A modest message in the wall of a Meursault back street, yet to ignore it would be to bypass some of the world's finest Chardonnays

It's been a fine day in Burgundy, starting with thick fog in Corberon. The fog retained its density to the outskirts of Beaune before it lifted, revealing the glowing slopes of the Cotes, mist edging the vines in white.
First stop was Lafarge in Volnay. Tasting Buddy had stayed at home. He cannot secure an allocation of these wines and decided to do the family thing back at the gite instead. It seems to me that, increasingly, this will be the story with burgundy. Global demand for these wines is growing exponentially; Asia is diversifying, as testified by buses full of visitors from South East Asia.

The Lafarge cellars are a great place to crack one's cranium with some force. The people who built these chambers cannot have been much bigger than Bilbo and friends. Standing for an hour to taste from the barrels that reside here can result in much stiffness in one's spine. But, my-oh-my, it is worth it. This was a succession of the finest Pinot Noirs: super-sculpted art forms of ravishing fruit.

Tasting over, I stepped into the street and the fog had caught up with me, the sunshine gone. I popped back to Corberon to collect Victoria for her to drop me at my next appointment and the drive across the plain's flatness was surreal in the mist, the pigeons flying over the fields seeming directionless, the bits of landscape coming and going like dreams.

I was asked by a client some years ago why I never talk about the vintages and domaines that do not perform, are unworthy of selection for a Bowes Wine offer. Well, here it is..

Next visit was to a domaine that shall, of course, remain unnamed. And the wines were okay...fine....quite tasty. But premier crus from the 2010 vintage that are low in acidity, lacking intensity, short on concentration are the produce of a wine maker not trying sufficiently hard. And this is a domaine that has, in the past, produced some truly excellent bottles. Sad to say, there's no chance of me offering these for the foreseeable future.

Lunch was in a grill restaurant on the main Dijon road out of Beaune and with all the family/s. We sat and watched the fog finally lift, the sky's greyness change incrementally to blue, the sun return the colour to the extensive and mono-cultural landscape outside the restaurant's window.

Tasting Buddy and I pegged it north to Gevrey and the cellars of Rossignol-Trapet. This domaine is now certified biodynamic and, tasting the wines, one gets the sense of their purity; that one is tasting a purity of Pinot Noir fruit unsullied by human intervention. These are achingly beautiful wines in 2010: super-true to their origins. We sampled exceptionally impressive village, premier cru and grand cru wines, culminating in a properly masculine, smoky and complex Chambertin.
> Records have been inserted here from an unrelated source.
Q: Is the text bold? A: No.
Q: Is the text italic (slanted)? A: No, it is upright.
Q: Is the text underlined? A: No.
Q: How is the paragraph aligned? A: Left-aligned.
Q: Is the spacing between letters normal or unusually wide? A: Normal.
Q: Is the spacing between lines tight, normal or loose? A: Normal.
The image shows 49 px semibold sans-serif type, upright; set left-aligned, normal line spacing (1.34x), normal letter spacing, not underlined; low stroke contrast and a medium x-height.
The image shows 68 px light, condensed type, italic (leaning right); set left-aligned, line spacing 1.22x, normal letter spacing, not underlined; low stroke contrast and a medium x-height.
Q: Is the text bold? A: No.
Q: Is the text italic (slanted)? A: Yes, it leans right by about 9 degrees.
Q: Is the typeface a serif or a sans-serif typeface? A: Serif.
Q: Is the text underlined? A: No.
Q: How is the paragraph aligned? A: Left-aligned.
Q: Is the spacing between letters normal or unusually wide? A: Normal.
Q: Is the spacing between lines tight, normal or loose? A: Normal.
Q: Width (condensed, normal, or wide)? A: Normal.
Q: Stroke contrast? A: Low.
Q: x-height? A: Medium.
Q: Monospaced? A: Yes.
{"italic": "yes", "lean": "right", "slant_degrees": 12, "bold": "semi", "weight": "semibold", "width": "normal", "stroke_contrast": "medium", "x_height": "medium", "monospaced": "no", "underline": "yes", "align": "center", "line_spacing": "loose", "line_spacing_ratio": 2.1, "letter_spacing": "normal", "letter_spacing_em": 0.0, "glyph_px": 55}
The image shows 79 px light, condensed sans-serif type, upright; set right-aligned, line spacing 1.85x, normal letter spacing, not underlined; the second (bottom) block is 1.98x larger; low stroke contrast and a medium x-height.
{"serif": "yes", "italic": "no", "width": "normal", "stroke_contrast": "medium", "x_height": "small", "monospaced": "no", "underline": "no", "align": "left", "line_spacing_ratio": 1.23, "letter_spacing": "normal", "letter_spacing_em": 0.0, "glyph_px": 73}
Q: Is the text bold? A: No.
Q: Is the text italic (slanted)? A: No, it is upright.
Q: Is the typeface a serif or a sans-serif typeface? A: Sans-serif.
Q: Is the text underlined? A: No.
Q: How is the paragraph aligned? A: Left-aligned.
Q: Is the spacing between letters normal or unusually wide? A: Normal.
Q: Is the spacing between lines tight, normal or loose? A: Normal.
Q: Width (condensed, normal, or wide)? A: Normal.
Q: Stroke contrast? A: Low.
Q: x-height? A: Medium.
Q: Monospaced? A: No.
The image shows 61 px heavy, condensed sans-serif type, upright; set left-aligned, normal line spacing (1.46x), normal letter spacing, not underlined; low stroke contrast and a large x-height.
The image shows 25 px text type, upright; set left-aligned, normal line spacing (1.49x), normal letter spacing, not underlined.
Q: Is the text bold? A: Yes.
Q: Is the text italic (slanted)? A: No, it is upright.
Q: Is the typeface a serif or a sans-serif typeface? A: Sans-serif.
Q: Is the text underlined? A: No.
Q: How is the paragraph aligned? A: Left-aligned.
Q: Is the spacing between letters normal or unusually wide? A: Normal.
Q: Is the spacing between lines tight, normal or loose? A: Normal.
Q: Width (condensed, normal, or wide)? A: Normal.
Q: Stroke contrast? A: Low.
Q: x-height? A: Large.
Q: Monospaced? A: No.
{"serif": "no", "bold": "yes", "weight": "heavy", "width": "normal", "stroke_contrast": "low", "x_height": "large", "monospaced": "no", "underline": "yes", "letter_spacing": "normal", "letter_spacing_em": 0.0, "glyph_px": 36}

Then it was back to white wine territory: the village of Gamay and the Domaine Marc Colin. Wine making here is impeccable. St Aubin fruit in the hands of someone as talented as Damien Colin can trump many a wine from the more celebrated communes nearby, and at a fraction of the cost at that. Again, the white premier cru En Monceau was the one I'll be picking, intense, super-mineral and age-worthy as it is.

Lastly...a visit of the kind one looks forward to for months; a producer of white wines that could compete with pretty much anything made anywhere and still shine. Lafon, Coche-Dury, Ramonet are names well-known around the world and command prices that put them within reach of the super-rich only. Yet Patrick Essa at the Domaine Buisson-Charles in Meursault crafts Chardonnays that can live at least as long and offer as much pleasure. They are wines I buy every year and the 2010s are quite extraordinary.

We left Meursault with two fine bottles generously donated by Patrick: a 2007 Meursault Vieilles Vignes and a 1995 Meursault Les Tessons and I sit now in Corberon tying this post with a glass of the latter in my hand. It defines Chardonnay's potential to a T. I am tired; I am, happy. And venison terrine has just been placed in front of me, thus I sign off in anticipation of a Good Feed.